The opening of the exchange applies to an open market order to participate in the auction. Since the MOO order is a market order, it guarantees fulfillment, but not the price.
Interactive intermediaries set the order in the open market as follows:
“An open market (MOO) order automatically combines the current OPG time with a market order to create an order that is delivered at the open market and replenished at the market price.”
The specific mechanisms of MOO orders vary depending on the exchange. NYSE MOOs are slightly different from Nasdaq MOOs.
You can find more information about the Nasdaq auction here and information about the NYSE opening auction here.
What is an open auction?
On each open trading day, an auction is held by market makers to determine the opening price of each share. Each exchange hires market makers to reduce volatility and provide liquidity.
To better achieve their goals, they will have special privileges that day traders cannot get, but the exchanges will try to balance it out, forcing them to facilitate trading even if they don’t want to.
These market makers used to be called professionals, but now they are known as designated market makers (DMMs).
In addition to keeping markets in order, DMMs are responsible for facilitating the opening and closing of auctions.
Because open and closed trades have the highest activity periods, they reduce the volatility that can occur by providing liquidity to the other side of a trade by one large order from a mutual fund or ETF provider.
Overnight and early in the morning, traders are entering buy and sell orders at countless prices.
Some of these are market orders, others have limited prices. The task of the DMM is to balance supply and demand. Many times there is an imbalance on one side of the market.
For example, a purchase order may contain 10,000 shares in XYZ shares, but a sale order may contain 30,000 shares.

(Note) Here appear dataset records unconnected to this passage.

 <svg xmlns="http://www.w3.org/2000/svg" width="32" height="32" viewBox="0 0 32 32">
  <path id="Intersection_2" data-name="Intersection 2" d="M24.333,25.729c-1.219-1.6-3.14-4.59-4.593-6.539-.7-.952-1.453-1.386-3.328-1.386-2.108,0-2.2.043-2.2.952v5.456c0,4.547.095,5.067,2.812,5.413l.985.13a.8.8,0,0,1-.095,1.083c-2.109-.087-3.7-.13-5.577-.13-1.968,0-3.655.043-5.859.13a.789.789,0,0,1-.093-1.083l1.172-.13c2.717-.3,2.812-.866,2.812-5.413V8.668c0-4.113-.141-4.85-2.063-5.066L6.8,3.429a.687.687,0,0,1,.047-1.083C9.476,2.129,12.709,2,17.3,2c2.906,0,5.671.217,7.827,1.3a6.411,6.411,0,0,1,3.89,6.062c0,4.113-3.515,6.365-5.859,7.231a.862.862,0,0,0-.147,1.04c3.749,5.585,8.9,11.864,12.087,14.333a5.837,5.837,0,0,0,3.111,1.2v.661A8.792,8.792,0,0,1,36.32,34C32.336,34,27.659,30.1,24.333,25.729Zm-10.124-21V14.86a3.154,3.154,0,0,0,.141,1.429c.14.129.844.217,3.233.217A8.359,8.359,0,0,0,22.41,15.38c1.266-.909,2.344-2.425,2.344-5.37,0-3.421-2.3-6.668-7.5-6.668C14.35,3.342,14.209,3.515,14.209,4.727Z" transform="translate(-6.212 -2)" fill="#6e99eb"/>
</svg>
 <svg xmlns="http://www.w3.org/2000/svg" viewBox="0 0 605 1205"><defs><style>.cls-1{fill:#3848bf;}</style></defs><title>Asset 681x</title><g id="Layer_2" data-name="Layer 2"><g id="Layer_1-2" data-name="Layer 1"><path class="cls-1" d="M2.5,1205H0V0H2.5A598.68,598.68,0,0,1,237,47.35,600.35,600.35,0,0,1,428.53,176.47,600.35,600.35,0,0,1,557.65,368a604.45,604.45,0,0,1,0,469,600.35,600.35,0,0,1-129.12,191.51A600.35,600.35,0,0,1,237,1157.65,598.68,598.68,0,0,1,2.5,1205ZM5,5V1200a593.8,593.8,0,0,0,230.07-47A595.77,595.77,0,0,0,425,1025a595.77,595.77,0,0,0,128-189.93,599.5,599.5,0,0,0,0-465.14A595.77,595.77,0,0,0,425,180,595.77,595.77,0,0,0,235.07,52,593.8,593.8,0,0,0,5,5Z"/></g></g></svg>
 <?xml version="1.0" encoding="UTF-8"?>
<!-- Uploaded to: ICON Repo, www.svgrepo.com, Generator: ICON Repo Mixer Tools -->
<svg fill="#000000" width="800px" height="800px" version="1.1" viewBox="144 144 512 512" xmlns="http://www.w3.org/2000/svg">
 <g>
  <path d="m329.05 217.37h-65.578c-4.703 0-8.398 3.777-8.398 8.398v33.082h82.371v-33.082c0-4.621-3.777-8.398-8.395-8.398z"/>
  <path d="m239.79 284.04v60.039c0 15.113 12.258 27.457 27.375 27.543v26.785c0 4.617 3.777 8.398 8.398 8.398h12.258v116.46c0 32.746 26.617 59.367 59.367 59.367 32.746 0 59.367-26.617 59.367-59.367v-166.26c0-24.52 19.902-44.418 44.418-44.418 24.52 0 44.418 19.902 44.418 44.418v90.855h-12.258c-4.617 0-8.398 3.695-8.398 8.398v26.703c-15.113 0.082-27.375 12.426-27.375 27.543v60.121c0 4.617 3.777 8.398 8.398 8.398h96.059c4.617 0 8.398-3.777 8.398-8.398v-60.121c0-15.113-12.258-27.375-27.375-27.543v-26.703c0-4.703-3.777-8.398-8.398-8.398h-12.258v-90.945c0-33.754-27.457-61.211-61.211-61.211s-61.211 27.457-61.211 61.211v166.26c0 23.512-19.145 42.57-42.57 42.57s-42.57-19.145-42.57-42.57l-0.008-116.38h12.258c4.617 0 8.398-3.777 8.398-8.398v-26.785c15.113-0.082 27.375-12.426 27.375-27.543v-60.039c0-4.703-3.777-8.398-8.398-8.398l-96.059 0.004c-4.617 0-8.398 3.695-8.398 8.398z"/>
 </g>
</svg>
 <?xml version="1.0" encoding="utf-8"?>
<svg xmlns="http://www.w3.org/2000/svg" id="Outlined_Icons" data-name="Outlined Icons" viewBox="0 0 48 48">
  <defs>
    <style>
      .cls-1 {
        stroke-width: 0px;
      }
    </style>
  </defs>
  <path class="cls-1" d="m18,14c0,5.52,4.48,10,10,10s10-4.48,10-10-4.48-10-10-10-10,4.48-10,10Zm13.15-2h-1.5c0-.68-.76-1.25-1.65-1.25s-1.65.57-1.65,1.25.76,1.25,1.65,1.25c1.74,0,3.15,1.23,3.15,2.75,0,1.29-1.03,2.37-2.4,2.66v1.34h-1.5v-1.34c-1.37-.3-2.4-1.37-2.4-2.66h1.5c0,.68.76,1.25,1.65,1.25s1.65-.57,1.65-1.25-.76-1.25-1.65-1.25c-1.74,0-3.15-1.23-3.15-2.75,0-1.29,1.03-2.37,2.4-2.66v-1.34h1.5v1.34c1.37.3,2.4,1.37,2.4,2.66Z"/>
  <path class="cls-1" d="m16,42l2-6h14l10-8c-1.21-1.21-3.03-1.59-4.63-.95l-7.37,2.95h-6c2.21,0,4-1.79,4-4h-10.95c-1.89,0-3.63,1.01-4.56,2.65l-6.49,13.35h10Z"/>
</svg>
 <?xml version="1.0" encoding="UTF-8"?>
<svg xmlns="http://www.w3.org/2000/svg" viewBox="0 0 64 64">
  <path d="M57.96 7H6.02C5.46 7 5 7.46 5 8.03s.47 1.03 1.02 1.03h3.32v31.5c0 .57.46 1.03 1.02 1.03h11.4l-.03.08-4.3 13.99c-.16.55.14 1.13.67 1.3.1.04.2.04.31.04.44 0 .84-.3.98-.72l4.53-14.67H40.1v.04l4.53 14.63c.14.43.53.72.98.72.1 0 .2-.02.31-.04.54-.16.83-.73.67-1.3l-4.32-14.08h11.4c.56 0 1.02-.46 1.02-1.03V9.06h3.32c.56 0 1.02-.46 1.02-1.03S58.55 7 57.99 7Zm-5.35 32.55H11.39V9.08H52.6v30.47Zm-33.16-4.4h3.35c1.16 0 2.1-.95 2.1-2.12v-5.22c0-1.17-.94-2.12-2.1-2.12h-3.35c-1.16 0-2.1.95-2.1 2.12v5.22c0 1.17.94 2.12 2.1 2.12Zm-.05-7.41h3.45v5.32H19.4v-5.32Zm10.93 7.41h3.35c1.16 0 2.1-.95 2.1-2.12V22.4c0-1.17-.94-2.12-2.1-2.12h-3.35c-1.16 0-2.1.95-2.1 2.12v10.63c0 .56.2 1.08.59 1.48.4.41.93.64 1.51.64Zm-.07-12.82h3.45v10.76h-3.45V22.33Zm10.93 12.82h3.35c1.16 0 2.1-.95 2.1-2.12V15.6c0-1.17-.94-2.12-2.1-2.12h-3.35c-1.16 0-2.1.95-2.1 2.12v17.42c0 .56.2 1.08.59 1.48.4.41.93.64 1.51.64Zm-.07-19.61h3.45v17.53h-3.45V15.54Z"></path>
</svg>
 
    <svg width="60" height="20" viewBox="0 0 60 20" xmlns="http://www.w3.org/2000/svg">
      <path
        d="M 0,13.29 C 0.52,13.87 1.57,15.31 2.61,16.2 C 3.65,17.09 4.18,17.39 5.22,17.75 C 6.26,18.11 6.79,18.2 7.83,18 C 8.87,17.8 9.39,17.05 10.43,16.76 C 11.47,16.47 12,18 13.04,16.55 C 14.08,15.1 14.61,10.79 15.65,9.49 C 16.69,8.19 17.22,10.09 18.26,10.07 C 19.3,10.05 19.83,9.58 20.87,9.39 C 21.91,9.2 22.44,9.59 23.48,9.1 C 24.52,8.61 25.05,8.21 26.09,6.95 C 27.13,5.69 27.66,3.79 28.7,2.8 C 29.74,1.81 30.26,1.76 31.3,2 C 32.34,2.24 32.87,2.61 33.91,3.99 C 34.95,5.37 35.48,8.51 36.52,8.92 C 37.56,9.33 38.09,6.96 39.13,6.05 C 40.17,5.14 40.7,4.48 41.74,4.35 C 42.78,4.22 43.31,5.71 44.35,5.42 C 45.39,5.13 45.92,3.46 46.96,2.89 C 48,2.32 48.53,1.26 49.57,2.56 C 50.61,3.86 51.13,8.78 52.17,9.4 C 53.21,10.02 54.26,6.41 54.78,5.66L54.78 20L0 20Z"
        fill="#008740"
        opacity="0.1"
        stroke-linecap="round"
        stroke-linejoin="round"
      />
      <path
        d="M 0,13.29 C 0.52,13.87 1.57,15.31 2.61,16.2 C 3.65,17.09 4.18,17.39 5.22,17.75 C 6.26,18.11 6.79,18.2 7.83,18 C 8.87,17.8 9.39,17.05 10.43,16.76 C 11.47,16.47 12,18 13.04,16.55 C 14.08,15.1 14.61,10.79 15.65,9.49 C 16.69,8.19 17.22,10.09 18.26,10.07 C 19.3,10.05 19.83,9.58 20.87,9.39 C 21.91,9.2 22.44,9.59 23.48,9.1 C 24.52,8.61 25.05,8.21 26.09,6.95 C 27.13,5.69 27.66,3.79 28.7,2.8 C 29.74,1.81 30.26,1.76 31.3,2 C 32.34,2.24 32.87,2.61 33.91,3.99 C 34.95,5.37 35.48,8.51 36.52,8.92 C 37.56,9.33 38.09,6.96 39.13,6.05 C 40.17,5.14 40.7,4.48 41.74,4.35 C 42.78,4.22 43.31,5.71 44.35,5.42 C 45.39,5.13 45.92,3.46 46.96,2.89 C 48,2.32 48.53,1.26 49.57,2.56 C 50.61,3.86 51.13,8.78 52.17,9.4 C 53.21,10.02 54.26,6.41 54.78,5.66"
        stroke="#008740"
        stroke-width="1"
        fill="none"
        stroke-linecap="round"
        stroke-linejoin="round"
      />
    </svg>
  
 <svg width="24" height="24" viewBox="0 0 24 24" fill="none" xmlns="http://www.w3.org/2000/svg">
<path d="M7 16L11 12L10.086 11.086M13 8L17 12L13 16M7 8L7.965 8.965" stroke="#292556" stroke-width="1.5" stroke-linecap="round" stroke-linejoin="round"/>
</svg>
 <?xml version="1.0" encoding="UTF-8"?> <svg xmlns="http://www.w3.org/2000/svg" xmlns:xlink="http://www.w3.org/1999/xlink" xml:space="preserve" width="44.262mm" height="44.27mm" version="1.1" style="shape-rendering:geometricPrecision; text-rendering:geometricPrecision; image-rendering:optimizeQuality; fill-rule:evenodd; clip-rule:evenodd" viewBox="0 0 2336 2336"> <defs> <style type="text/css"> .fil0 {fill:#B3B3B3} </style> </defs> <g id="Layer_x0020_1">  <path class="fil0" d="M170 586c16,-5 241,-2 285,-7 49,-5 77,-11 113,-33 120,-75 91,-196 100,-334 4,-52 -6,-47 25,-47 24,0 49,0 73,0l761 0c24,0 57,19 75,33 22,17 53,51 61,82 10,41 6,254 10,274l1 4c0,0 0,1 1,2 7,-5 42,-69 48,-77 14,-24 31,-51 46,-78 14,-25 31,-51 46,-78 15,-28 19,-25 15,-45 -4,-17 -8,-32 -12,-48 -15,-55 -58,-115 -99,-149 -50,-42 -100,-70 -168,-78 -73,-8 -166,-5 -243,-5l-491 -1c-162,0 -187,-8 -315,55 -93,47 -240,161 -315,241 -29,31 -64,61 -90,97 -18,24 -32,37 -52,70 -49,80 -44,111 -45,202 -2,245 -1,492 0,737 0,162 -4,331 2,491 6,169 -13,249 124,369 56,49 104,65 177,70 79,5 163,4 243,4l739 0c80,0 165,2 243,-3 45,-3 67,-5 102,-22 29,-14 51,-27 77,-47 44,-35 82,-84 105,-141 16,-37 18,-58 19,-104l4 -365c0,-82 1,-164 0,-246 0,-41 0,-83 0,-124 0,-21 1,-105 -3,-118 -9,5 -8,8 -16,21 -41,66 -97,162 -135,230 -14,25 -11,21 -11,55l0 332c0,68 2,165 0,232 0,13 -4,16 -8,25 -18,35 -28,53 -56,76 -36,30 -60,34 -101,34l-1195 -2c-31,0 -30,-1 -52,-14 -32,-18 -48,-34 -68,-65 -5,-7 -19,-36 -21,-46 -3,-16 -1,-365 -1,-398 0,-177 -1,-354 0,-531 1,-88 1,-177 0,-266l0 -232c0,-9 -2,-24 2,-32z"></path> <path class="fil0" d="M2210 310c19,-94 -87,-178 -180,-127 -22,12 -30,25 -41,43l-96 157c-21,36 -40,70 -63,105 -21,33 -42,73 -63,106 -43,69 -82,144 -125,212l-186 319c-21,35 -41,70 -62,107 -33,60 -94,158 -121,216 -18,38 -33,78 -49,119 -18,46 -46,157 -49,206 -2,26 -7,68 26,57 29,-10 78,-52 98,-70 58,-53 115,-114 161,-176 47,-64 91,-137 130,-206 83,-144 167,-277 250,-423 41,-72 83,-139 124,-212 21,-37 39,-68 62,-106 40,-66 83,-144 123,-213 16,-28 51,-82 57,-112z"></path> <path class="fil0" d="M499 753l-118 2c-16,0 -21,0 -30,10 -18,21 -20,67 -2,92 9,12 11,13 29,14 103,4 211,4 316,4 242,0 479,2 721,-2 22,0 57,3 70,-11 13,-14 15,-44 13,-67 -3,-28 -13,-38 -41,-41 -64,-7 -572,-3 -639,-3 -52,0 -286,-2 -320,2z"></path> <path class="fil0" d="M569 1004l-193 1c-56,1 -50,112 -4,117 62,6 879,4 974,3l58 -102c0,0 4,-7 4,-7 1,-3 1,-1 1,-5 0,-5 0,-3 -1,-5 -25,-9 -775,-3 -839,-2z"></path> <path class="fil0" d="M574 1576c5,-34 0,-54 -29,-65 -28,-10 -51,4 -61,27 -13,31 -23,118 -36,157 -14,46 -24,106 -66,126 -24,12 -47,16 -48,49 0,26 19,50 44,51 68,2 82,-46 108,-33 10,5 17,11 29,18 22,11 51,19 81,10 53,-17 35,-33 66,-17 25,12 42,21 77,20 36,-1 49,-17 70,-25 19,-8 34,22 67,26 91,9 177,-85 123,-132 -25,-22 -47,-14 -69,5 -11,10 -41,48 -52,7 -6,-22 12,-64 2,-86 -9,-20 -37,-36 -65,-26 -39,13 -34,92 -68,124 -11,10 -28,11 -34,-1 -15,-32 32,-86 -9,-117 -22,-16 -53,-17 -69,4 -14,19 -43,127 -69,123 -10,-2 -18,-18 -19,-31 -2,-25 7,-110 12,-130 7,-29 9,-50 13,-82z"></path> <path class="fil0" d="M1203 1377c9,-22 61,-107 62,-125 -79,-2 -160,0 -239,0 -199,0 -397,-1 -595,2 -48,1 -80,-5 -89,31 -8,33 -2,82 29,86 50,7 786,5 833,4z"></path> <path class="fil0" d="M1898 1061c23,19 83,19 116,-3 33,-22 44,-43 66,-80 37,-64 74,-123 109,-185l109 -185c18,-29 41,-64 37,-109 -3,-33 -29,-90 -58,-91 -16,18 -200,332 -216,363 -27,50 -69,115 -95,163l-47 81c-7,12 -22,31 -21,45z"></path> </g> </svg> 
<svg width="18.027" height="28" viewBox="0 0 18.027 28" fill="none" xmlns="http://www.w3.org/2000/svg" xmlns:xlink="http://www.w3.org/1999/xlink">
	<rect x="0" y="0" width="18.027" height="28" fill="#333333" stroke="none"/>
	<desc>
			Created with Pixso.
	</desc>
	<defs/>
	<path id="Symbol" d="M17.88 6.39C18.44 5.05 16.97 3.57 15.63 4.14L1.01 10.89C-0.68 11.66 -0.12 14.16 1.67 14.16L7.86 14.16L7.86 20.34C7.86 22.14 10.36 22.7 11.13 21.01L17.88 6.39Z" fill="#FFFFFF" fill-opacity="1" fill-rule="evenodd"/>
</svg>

When such a balance exists, DMMs buy to offset the imbalance and keep the orderly market open.
As a personal trader, you can also see the order disparity open and closed, although this requires you to subscribe to the data through your broker.
Some traders track imbalance data over days or weeks to determine which stocks or sectors the big money will fall into.
Using the order flow data available to them, DMMs determine the opening price that clears the market, which you can fill with an open order in the market.
When you place an order in the market, you receive a price that the DMMs set as a “fair value” based on the current order flow.
You are guaranteed execution because it is a market order, but not at any price.
Do you guarantee to get the opening price?
There is an old and currently non-functioning trading blog called “Puppet Master Sales” that wrote a piece called “Quality of Performance in Outdoor and Indoor”.
He analyzed the difference between his fill price and the actual opening / closing price for 846 orders in the open and closed market. In his opinion, his MOQ orders were almost always filled in the final edition, while his MOO fillings were quite different.
Here he presented a distribution that reflected the deviations between his replenishment price and the actual open and closed prices:
This survey was conducted in 2008. Probably a lot has changed in 12-13 years, so it’s hard to know what these findings will look like today, but at least here possible deviating from the opening and closing of the list for any reason.
I am sure that the deviations could have been explained in a few minutes related to the NMS Regulations or the specific mechanisms of each exchange, but this is beyond the scope of this article.
The poster on the Elite Trader forums can be any deviation because the opening pressure was not through the NYSE and NYSE MOO orders are filled in the first NYSE edition, not the first NMS edition. Read here.
Bottom line
In addition to personal preferences, it can be used in an open market for retailers, possibly because they need to get orders or opening editions that affect the market.
Under market influence, if you trade with nano stocks, even 1,000 stock orders can have a drastic impact on the market, so it may make sense to use liquidity that is open or close to trading.
On the other hand, some quantitative systems require you to enter an open space. Ordering on the open market is the best way to fit your backtesting if you buy one of these systems.